*Instructions to follow:*
Exactly as they appear below, repeat the lines from the one with "23.773L18.948 21.436L15.334 21.128C15.126" through the one with "13.056L21.999 20.316L15.959 13.056L18.378", and no others.

Data records:
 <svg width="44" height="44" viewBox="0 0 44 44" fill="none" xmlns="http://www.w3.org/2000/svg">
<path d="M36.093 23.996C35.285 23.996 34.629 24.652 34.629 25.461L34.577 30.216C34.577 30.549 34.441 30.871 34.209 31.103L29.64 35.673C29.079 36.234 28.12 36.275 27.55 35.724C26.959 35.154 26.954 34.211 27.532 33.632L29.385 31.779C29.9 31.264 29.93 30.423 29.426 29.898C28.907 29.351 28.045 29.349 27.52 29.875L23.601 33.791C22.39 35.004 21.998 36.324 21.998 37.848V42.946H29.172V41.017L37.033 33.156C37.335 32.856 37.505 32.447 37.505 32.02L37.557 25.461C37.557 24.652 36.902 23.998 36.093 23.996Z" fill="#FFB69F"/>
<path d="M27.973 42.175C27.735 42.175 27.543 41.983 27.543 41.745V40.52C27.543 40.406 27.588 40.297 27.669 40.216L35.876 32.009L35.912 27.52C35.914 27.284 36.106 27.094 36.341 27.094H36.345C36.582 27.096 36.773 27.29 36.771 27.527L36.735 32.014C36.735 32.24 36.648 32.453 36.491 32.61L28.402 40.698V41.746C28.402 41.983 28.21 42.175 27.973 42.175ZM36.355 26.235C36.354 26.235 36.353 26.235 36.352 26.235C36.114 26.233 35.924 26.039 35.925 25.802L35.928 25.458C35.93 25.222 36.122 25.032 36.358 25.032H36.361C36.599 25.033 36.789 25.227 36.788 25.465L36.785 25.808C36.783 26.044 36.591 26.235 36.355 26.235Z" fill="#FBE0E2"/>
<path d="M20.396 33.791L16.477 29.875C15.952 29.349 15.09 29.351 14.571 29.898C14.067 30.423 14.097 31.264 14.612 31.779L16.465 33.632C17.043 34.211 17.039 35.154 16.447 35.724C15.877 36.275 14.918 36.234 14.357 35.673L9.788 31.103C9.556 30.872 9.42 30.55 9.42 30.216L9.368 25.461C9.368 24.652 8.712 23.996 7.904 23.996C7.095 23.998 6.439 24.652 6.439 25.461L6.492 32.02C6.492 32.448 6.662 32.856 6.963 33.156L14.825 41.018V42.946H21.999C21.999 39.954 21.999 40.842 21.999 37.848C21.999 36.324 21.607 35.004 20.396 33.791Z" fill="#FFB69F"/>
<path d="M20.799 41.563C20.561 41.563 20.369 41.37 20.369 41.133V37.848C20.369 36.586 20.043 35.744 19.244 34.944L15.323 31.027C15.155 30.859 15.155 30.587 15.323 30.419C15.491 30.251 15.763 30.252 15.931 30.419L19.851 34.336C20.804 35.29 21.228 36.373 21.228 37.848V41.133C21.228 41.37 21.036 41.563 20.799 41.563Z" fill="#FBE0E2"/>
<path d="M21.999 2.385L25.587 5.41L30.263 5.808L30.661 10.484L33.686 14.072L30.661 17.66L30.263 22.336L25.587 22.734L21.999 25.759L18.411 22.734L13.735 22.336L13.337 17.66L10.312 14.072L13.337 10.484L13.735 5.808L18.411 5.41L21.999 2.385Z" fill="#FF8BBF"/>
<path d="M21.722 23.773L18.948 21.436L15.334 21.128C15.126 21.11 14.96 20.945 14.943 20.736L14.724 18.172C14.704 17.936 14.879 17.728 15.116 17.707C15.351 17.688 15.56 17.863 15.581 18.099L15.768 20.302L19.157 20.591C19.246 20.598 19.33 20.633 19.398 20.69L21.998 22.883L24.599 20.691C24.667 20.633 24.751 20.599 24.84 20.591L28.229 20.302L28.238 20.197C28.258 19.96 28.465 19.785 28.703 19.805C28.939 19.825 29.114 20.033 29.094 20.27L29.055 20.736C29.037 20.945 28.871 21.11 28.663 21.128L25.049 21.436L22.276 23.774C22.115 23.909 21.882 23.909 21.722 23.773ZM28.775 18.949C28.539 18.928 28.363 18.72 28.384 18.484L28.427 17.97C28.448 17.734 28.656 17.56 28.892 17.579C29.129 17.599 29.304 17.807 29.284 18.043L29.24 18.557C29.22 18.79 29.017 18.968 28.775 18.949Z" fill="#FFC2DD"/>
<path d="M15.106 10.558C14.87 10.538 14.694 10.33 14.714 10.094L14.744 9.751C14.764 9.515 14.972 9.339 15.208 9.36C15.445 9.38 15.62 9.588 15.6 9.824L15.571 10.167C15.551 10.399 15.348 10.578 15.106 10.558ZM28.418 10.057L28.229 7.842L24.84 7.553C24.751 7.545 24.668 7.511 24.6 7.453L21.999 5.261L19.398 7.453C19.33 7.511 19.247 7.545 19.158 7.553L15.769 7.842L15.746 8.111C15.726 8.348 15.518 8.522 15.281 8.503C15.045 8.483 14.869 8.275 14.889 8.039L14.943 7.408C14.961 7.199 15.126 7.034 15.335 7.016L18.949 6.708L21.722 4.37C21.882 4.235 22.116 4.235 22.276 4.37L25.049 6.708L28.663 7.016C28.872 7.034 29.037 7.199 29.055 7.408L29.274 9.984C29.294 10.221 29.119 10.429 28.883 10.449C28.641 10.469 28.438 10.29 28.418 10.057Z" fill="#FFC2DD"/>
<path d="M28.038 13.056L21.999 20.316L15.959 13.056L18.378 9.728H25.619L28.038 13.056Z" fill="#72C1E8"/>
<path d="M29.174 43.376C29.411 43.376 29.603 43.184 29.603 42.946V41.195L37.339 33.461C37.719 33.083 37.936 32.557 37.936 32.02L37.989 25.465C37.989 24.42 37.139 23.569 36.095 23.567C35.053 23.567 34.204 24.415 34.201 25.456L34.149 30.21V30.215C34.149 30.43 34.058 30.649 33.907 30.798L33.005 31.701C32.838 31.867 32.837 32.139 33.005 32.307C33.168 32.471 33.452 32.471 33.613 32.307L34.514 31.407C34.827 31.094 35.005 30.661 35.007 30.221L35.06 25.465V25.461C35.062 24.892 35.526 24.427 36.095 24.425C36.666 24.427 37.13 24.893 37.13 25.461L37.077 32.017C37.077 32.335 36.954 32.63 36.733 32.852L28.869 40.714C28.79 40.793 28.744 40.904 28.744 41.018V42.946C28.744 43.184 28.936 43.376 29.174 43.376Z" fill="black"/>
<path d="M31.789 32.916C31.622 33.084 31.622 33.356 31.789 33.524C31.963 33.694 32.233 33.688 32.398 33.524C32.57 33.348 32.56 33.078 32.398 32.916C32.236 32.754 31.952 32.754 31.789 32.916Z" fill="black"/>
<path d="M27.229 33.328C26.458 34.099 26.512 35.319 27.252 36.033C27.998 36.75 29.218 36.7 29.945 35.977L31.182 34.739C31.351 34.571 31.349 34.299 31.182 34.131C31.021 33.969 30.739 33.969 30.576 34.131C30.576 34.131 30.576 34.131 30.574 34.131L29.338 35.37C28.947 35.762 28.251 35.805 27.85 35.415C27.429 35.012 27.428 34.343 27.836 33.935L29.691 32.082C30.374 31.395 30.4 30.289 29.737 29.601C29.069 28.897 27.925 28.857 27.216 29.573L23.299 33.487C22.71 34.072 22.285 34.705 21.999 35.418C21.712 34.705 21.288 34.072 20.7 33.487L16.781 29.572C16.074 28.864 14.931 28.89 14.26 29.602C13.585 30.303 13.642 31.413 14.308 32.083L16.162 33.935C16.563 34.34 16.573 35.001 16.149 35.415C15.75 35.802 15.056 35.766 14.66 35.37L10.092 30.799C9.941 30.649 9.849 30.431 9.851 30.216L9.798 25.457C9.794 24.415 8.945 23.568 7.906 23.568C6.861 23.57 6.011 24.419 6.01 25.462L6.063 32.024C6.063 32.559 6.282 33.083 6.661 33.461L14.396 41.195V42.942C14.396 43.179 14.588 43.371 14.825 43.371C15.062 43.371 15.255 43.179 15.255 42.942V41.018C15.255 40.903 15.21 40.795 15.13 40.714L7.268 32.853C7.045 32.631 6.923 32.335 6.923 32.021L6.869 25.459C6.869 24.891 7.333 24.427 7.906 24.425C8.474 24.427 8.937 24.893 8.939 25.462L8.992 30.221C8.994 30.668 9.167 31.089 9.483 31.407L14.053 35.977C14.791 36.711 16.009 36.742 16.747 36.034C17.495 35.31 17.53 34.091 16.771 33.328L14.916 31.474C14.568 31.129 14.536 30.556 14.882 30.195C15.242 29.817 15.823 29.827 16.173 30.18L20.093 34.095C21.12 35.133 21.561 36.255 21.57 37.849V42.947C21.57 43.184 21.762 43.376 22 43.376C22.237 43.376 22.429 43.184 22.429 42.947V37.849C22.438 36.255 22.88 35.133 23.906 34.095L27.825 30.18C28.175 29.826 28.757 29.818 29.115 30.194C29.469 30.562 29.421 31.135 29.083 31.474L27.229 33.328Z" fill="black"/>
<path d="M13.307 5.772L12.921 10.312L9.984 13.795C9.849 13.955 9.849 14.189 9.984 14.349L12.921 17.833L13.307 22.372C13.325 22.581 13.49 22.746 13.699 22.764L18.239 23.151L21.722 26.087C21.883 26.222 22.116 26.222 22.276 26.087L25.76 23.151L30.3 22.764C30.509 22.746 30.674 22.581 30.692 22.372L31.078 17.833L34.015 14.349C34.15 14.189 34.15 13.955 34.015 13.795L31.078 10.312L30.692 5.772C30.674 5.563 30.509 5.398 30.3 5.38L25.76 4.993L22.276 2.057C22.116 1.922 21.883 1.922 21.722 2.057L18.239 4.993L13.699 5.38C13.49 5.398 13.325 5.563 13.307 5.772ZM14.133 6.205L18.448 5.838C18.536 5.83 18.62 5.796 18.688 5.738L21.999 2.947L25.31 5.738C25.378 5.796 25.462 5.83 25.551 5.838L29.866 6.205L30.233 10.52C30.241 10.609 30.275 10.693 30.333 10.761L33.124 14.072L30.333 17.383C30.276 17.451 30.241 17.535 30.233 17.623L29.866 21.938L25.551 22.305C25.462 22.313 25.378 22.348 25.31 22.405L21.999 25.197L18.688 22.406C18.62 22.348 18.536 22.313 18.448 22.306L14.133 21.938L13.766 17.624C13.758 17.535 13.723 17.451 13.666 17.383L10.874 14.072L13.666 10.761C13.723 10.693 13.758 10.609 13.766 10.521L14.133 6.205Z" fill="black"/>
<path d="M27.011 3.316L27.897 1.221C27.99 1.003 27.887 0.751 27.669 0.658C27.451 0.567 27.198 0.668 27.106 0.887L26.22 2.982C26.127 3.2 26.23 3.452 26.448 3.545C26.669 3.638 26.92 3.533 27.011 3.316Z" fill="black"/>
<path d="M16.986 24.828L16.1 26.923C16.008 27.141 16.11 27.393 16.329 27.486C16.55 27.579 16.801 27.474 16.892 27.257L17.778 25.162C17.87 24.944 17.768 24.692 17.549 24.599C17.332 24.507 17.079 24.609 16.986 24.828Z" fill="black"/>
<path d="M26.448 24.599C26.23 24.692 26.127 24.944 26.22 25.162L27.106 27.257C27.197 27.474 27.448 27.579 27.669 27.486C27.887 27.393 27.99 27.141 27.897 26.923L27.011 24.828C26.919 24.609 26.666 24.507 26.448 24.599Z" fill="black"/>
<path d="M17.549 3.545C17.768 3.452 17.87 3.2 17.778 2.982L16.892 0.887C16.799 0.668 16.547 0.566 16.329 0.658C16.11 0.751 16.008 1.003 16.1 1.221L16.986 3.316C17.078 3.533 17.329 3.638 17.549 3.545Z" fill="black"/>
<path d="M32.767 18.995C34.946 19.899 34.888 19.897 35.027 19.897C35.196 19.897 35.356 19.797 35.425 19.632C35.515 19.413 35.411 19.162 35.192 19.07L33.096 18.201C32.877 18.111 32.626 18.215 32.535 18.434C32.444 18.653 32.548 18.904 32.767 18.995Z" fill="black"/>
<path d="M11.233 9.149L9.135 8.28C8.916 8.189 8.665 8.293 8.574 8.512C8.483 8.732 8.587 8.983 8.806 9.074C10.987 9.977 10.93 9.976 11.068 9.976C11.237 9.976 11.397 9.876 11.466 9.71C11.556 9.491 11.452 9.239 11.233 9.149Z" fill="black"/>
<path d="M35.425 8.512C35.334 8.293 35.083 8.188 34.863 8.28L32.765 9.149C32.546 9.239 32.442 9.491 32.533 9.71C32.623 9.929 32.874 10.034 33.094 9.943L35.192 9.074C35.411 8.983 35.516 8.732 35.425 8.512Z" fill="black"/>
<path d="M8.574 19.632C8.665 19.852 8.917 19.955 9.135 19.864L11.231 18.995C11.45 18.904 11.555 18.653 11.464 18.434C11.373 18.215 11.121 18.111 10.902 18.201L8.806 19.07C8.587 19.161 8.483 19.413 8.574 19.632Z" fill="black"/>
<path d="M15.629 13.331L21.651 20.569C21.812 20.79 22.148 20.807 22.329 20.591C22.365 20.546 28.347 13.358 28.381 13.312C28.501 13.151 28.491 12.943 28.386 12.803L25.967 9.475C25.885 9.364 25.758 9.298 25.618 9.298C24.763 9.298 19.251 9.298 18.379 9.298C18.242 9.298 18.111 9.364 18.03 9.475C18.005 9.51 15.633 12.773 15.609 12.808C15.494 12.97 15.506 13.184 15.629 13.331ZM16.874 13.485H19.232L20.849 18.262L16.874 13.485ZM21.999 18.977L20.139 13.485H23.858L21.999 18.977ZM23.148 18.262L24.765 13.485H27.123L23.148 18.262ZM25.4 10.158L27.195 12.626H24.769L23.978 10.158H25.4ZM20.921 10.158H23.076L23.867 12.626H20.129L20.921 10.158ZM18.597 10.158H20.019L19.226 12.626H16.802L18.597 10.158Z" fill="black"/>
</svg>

*Result:*
<path d="M21.722 23.773L18.948 21.436L15.334 21.128C15.126 21.11 14.96 20.945 14.943 20.736L14.724 18.172C14.704 17.936 14.879 17.728 15.116 17.707C15.351 17.688 15.56 17.863 15.581 18.099L15.768 20.302L19.157 20.591C19.246 20.598 19.33 20.633 19.398 20.69L21.998 22.883L24.599 20.691C24.667 20.633 24.751 20.599 24.84 20.591L28.229 20.302L28.238 20.197C28.258 19.96 28.465 19.785 28.703 19.805C28.939 19.825 29.114 20.033 29.094 20.27L29.055 20.736C29.037 20.945 28.871 21.11 28.663 21.128L25.049 21.436L22.276 23.774C22.115 23.909 21.882 23.909 21.722 23.773ZM28.775 18.949C28.539 18.928 28.363 18.72 28.384 18.484L28.427 17.97C28.448 17.734 28.656 17.56 28.892 17.579C29.129 17.599 29.304 17.807 29.284 18.043L29.24 18.557C29.22 18.79 29.017 18.968 28.775 18.949Z" fill="#FFC2DD"/>
<path d="M15.106 10.558C14.87 10.538 14.694 10.33 14.714 10.094L14.744 9.751C14.764 9.515 14.972 9.339 15.208 9.36C15.445 9.38 15.62 9.588 15.6 9.824L15.571 10.167C15.551 10.399 15.348 10.578 15.106 10.558ZM28.418 10.057L28.229 7.842L24.84 7.553C24.751 7.545 24.668 7.511 24.6 7.453L21.999 5.261L19.398 7.453C19.33 7.511 19.247 7.545 19.158 7.553L15.769 7.842L15.746 8.111C15.726 8.348 15.518 8.522 15.281 8.503C15.045 8.483 14.869 8.275 14.889 8.039L14.943 7.408C14.961 7.199 15.126 7.034 15.335 7.016L18.949 6.708L21.722 4.37C21.882 4.235 22.116 4.235 22.276 4.37L25.049 6.708L28.663 7.016C28.872 7.034 29.037 7.199 29.055 7.408L29.274 9.984C29.294 10.221 29.119 10.429 28.883 10.449C28.641 10.469 28.438 10.29 28.418 10.057Z" fill="#FFC2DD"/>
<path d="M28.038 13.056L21.999 20.316L15.959 13.056L18.378 9.728H25.619L28.038 13.056Z" fill="#72C1E8"/>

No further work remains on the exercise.